Characterization of microstructured multiwalled carbon nanotube/polydimethylsiloxane composites for piezoresistive sensing applications

Abstract

Technological advancements in the field of flexible and printed electronics are creating a need for large-area sensors that can be embedded over different types of surfaces. Such sensors can be used to monitor physical signals over flexible, curved, or soft devices. Hence, it is herein proposed, a formulation to produce piezoresistive multiwalled carbon nanotube/polydimethylsiloxane (MWCNT/PDMS) composites with tunable electric properties for pressure sensing purposes. The composite is obtained through few manufacturing steps, avoiding the use of hazardous solvents. Different weight percentages of MWCNT dispersed in PDMS are evaluated and the results evidence that using 3.0 wt% of infill is sufficient to obtain highly sensitive sensors.
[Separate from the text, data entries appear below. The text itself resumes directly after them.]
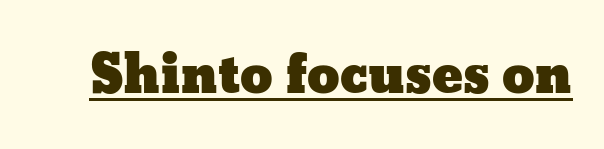
Q: Is the text italic (slanted)? A: No, it is upright.
Q: Is the text underlined? A: Yes.
Q: Is the spacing between letters normal or unusually wide? A: Normal.
Q: Width (condensed, normal, or wide)? A: Wide.
Q: Stroke contrast? A: Low.
Q: x-height? A: Medium.
Q: Monospaced? A: No.
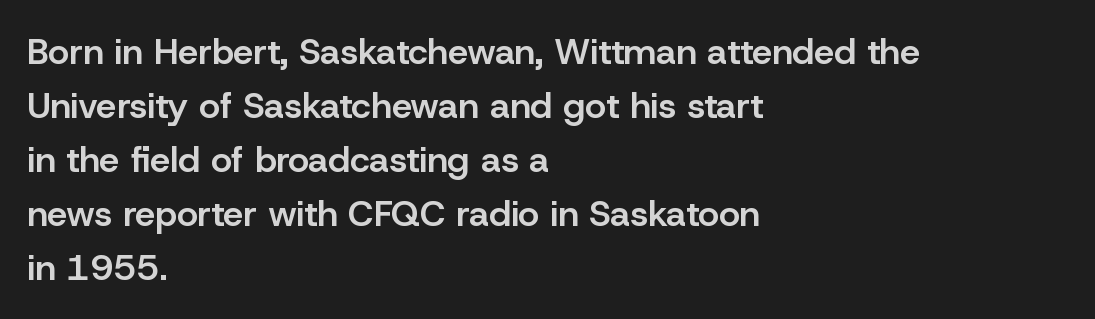
The image shows 36 px semibold sans-serif type, upright; set left-aligned, normal line spacing (1.5x), normal letter spacing, not underlined; low stroke contrast and a medium x-height.
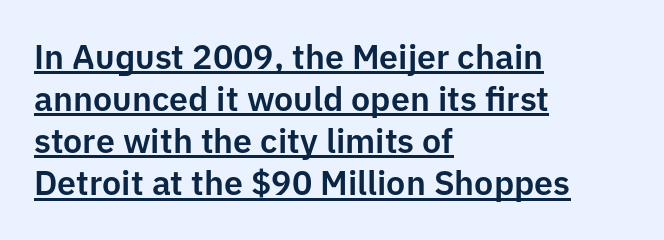
Letter spacing: default. Posture: vertical. Notice how the passage keeps a crisp vertical edge on the left only. Each letter keeps its own natural width here, so spacing adapts to shape. Notice how a bar underscores the lettering throughout. A sans-serif font was chosen for this passage.
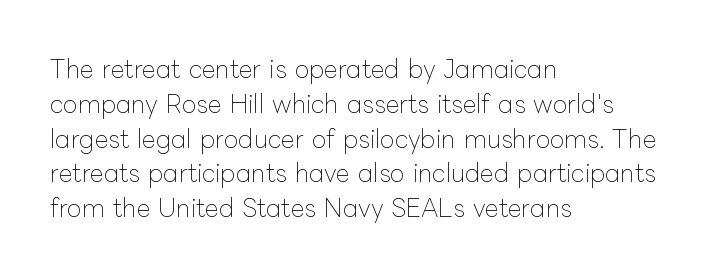
Summary of weight: not heavy and not bold. The passage shown stacks its lines at a standard gap. Upright lettering throughout. Tracking value appears to be zero — textbook default spacing.

To enhance the dispersion of the MWCNT and add microstructure to the composite, a system composed of a surfactant and foaming agent is used. Finally, pressure sensing units and arrays are printed and tested. The sensors present fast response, low hysteresis, repeatability, and a sensing range of 0–160 kPa. The composite is more sensitive to lower pressure and a maximum sensitivity of 8.0% kPa−1 is achieved for porous composites at pressure <10 kPa. Thanks to these characteristics, the sensors are successfully used in the development of a pressure sensing array and heartbeat sensor for proof of concept.